Breaking: complete rewrite. Old core/, output/, ui/, config/patterns.json are moved to legacy_* directories and no longer imported. The CLI shape changes (main.py becomes a shim around scan4secrets.cli:main).

Why v2 exists

Empirical test on a benign Express repo: v1 produced 27 false positives, v2 produces 0. On a deliberately seeded leaky-repo, v2 catches the SSH private keys, PEM blocks, and Docker registry credentials that v1 was structurally incapable of detecting.
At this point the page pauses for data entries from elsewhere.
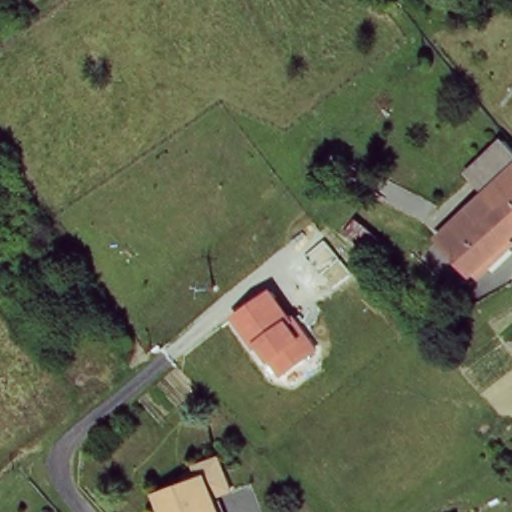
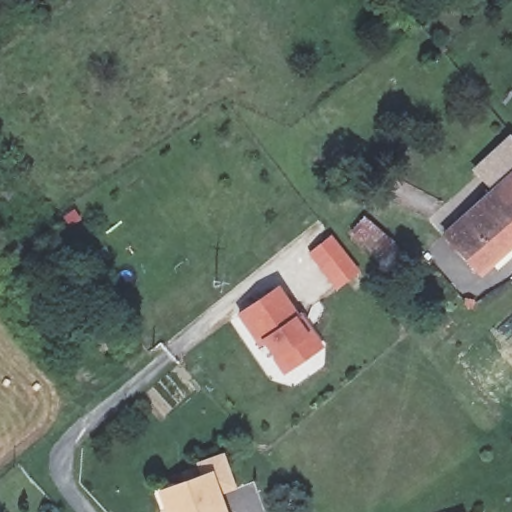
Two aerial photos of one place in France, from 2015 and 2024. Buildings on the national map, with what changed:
unchanged [(495,192),(474,169),(509,138),(512,142),(512,176),(495,192)]
unchanged [(478,278),(444,240),(495,192),(512,176),(512,248),(478,278)]
new [(307,255),(330,236),(360,273),(337,292),(307,255)]
unchanged [(265,347),(260,350),(239,317),(280,287),(324,350),(284,376),(265,347)]
unchanged [(202,476),(197,464),(224,453),(237,488),(220,496),(226,512),(165,512),(157,491),(202,476)]

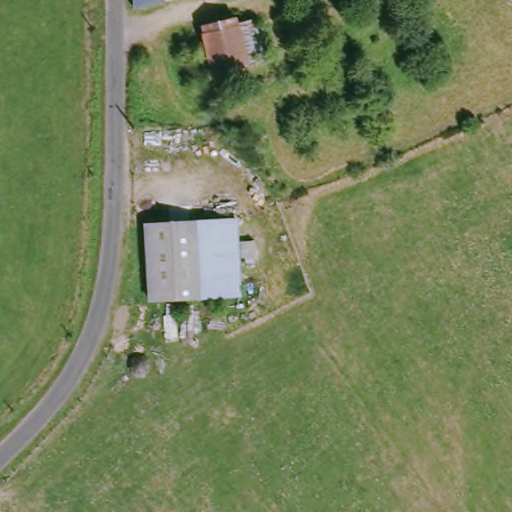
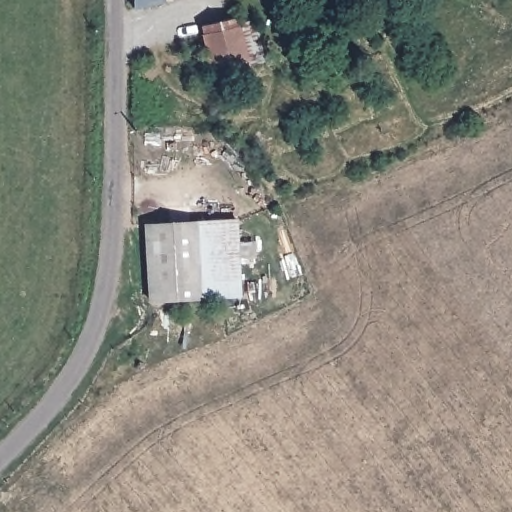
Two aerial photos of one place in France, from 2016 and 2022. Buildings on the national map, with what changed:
unchanged [(136,10),(135,0),(176,0),(136,10)]
unchanged [(213,75),(203,36),(256,22),(265,61),(213,75)]
unchanged [(241,221),(241,236),(242,299),(199,299),(198,222),(231,221),(241,221)]
unchanged [(199,299),(151,300),(148,223),(198,222),(199,299)]

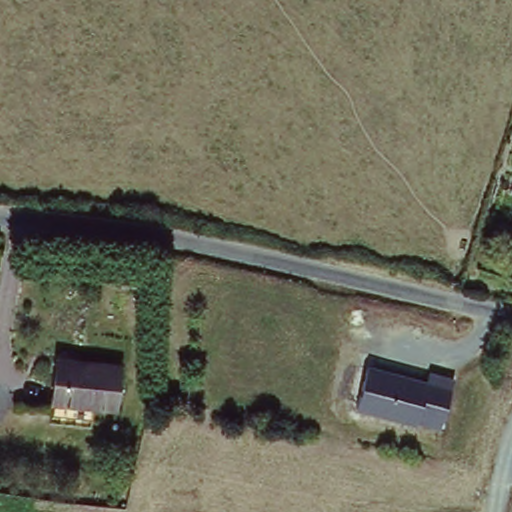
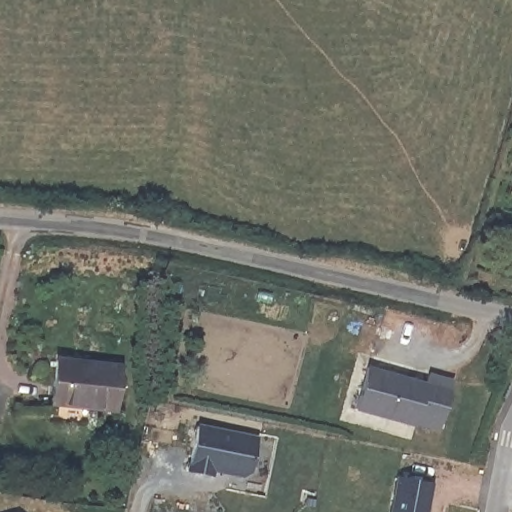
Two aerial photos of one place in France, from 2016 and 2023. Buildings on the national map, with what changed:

The defect was the detection model itself (keyword-name match vs vendor value-shape match). v2 fixes the model.

New — detection engine

  • YAML rules at scan4secrets/config/rules.yaml replacing the keyword-name patterns.json
  • Vendor value-shape regexes for 170+ rule IDs across cloud, CDN/edge, SCM, CI/CD, payments, e-commerce, messaging, carriers, AI/ML, email, monitoring, registries, auth, productivity, mobile/push, data, mapping, Web3, storage, VPN, QA, DB connection URIs, webhooks, and crypto
  • Aho-Corasick keyword pre-filter (pyahocorasick) for O(N) scanning across hundreds of rules
  • Shannon-entropy gate per rule (kills secret = "changeme" style noise)
  • Per-rule allowlists (regex against full line + path globs against file path)
  • Contextual fallback rules for hex tokens, UUIDs, and quoted/unquoted high-entropy values near credential-sounding names
  • Severity model: info / low / medium / high / critical, with a --fail-on CI gate
  • Deduplication keyed on (file, line, sha256(secret), rule_id) across SAST + DAST

New — DAST crawler

  • Concurrent crawl via ThreadPoolExecutor (--threads, default 16) — replaces v1's recursive single-threaded requests.get
  • Scope control: same-eTLD+1 by default, --strict-host for exact host
  • JS source-map parsing — fetches *.js.map and scans embedded sourcesContent (no other open-source tool does this)
  • JS endpoint extraction — string literals in .js files added to the queue
  • HTTP header scanning — secrets sometimes leak in X-Powered-By, Server, custom headers
  • Authenticated DAST: --cookie, --header K:V (repeatable), --proxy, --insecure
  • Custom UA with sensible default — v1's default python-requests/X UA was blocked by most WAFs
  • Caps: --max-urls, --max-depth, --timeout

New — verification

  • --verify flag runs one HTTP probe per finding whose rule has a verify: block, sets verified=true|false|null
  • Built-in probes for GitHub (classic + fine-grained PAT), Slack, Stripe, OpenAI
  • Trivial to add new vendors — edit the YAML rule

New — reporters

  • SARIF 2.1.0 — GitHub Code Scanning, GitLab Security, Sonar, Defect Dojo
  • JSON + JSONL — pipelines, SIEM ingest
  • HTML v2 — severity badges, sortable columns, live filter, dark theme
  • Excel via openpyxl
  • PDF via fpdf2 (UTF-8 safe; v1's fpdf v1 crashed on non-ASCII)
  • CSV with full schema (rule_id, severity, verified, file, line, entropy, redacted, sha256, description, excerpt)
  • Redaction by default: abcd****wxyz. --unsafe-show to include raw values (use carefully)

New — packaging & CI

  • pyproject.tomlpip install . works, scan4secrets console entry on PATH
  • Dockerfile — multi-stage build, non-root user
  • .pre-commit-hooks.yaml — drop-in for pre-commit framework
  • .github/workflows/release.yml — Windows EXE + Linux EXE binaries, Docker image to GHCR, wheel build
  • .github/workflows/ci.yml — pytest across Python 3.9-3.12

Empirical results

Repov1 findingsgitleaksv2 findings
Plazmaz/leaky-repo (seeded)35 (mixed TP/FP)2217 (all real, incl. SSH/PEM/Docker keys v1 missed)
expressjs/express (clean)27 (all FP)00

v2 achieves 0% FP rate on benign code (vs v1's per-file FP rate of ~12.7%) and detects high-value secret classes (private keys, Docker registry auth) that v1's regex shape could never match.


v1.x (legacy)

Original keyword-name detection model. Source available under legacy_* directories for archival reference. Not recommended for production use.